Ein großer Schritt für die kulturelle Filmförderung, ein kleiner Schritt für das Filmerbe

Tabea Rößner, filmpolitische Sprecherin der Bundestagsfraktion BÜNDNIS 90/DIE GRÜNEN, erklärt zum Abschluss der Haushaltsberatungen im Filmbereich:

Ich begrüße sehr, dass unser Druck Wirkung gezeigt hat und in den gestrigen Haushaltsberatungen die kulturelle Filmförderung durch die Beauftragte der Bundesregierung für Kultur und Medien um 15 Millionen Euro erhöht wurde! Ende September hatte ich für die Fraktion BÜNDNIS 90/DIE GRÜNEN im Ausschuss für Kultur und Medien gefordert, sowohl die wirtschaftliche Förderung als auch die kulturelle Filmförderung signifikant zu erhöhen. Ich freue mich sehr, dass nun zumindest Letzteres Eingang in den Haushalt gefunden hat.
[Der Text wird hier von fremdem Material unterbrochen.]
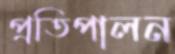
প্রতিপালন
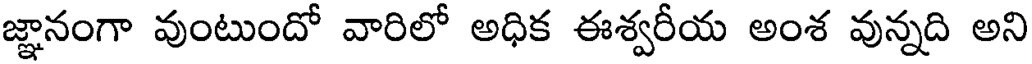
జ్ఞానంగా వుంటుందో వారిలో అధిక ఈశ్వరీయ అంశ వున్నది అని
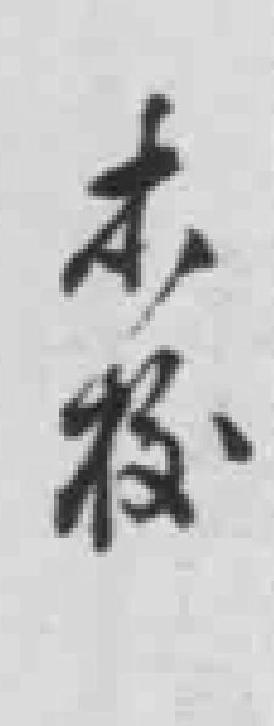
本校
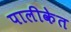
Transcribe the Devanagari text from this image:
पालीकेत
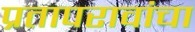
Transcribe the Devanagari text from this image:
प्रतापरावांचा
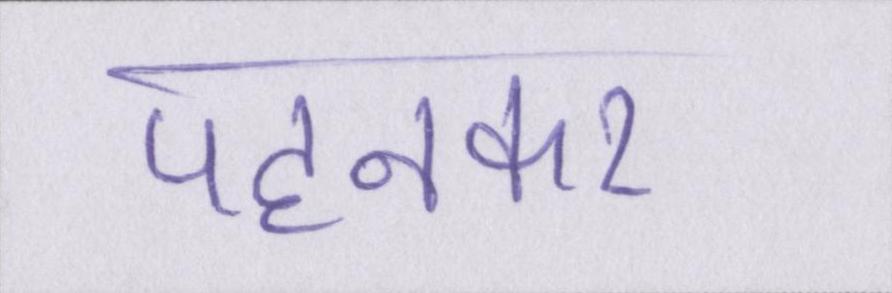
पहनकर
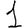
Digit: 1
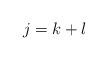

Bei der wirtschaftlichen Filmförderung in Form des Deutscher Filmförderfonds wurde zwar die langfristige Planung nach oben korrigiert. Das Gesamtvolumen aber, das unverändert bei 50 Millionen Euro liegt und 2015 überbucht werden musste, bleibt leider ungenügend. Auch beim Filmerbe wissen wir seit Langem, dass mehr passieren muss: Nun ist wieder eine Million Euro vorgesehen. Wenn die BKM den vom eigenen Haus vorgestellten Zahlen zum Finanzierungsbedarf traut, sollte das Filmerbe aber jährlich mindestens mit  10 Mio. Euro gefördert werden. Da wirkt die eine Million doch eher wie ein Tropfen auf den heißen Stein.